(Stored data)
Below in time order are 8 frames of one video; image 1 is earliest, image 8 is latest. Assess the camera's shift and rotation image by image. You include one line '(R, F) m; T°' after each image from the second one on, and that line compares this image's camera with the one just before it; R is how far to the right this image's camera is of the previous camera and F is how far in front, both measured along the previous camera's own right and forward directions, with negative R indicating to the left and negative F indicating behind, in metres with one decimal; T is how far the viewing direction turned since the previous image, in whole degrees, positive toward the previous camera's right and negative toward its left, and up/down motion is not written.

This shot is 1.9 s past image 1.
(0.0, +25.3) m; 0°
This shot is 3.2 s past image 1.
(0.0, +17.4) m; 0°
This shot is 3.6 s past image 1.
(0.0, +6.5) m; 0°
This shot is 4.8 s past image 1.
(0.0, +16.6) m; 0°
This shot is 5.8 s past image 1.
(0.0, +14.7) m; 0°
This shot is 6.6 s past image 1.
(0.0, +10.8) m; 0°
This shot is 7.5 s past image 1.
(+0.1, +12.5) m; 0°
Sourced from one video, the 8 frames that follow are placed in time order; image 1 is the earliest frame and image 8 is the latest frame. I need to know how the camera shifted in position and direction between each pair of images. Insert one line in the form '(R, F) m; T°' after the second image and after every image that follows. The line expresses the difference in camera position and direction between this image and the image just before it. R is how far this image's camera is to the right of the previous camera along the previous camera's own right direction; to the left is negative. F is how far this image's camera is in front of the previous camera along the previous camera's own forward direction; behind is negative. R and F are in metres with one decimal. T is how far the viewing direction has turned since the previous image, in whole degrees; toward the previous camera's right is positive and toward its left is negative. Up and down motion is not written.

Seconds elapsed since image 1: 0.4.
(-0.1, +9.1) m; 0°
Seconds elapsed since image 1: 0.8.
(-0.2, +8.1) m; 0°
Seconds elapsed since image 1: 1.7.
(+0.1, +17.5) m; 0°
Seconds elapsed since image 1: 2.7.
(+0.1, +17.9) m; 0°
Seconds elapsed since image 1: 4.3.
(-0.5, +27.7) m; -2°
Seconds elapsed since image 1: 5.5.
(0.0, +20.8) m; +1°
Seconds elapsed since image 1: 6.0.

## [WHAT YOU ARE ASKED TO DO]
Return each entry from above without altering a single character.

## [ANSWER SPACE]
Below in time order are 8 frames of one video; image 1 is earliest, image 8 is latest. Assess the camera's shift and rotation image by image. You include one line '(R, F) m; T°' after each image from the second one on, and that line compares this image's camera with the one just before it; R is how far to the right this image's camera is of the previous camera and F is how far in front, both measured along the previous camera's own right and forward directions, with negative R indicating to the left and negative F indicating behind, in metres with one decimal; T is how far the viewing direction turned since the previous image, in whole degrees, positive toward the previous camera's right and negative toward its left, and up/down motion is not written.

This shot is 1.9 s past image 1.
(0.0, +25.3) m; 0°
This shot is 3.2 s past image 1.
(0.0, +17.4) m; 0°
This shot is 3.6 s past image 1.
(0.0, +6.5) m; 0°
This shot is 4.8 s past image 1.
(0.0, +16.6) m; 0°
This shot is 5.8 s past image 1.
(0.0, +14.7) m; 0°
This shot is 6.6 s past image 1.
(0.0, +10.8) m; 0°
This shot is 7.5 s past image 1.
(+0.1, +12.5) m; 0°
Sourced from one video, the 8 frames that follow are placed in time order; image 1 is the earliest frame and image 8 is the latest frame. I need to know how the camera shifted in position and direction between each pair of images. Insert one line in the form '(R, F) m; T°' after the second image and after every image that follows. The line expresses the difference in camera position and direction between this image and the image just before it. R is how far this image's camera is to the right of the previous camera along the previous camera's own right direction; to the left is negative. F is how far this image's camera is in front of the previous camera along the previous camera's own forward direction; behind is negative. R and F are in metres with one decimal. T is how far the viewing direction has turned since the previous image, in whole degrees; toward the previous camera's right is positive and toward its left is negative. Up and down motion is not written.

Seconds elapsed since image 1: 0.4.
(-0.1, +9.1) m; 0°
Seconds elapsed since image 1: 0.8.
(-0.2, +8.1) m; 0°
Seconds elapsed since image 1: 1.7.
(+0.1, +17.5) m; 0°
Seconds elapsed since image 1: 2.7.
(+0.1, +17.9) m; 0°
Seconds elapsed since image 1: 4.3.
(-0.5, +27.7) m; -2°
Seconds elapsed since image 1: 5.5.
(0.0, +20.8) m; +1°
Seconds elapsed since image 1: 6.0.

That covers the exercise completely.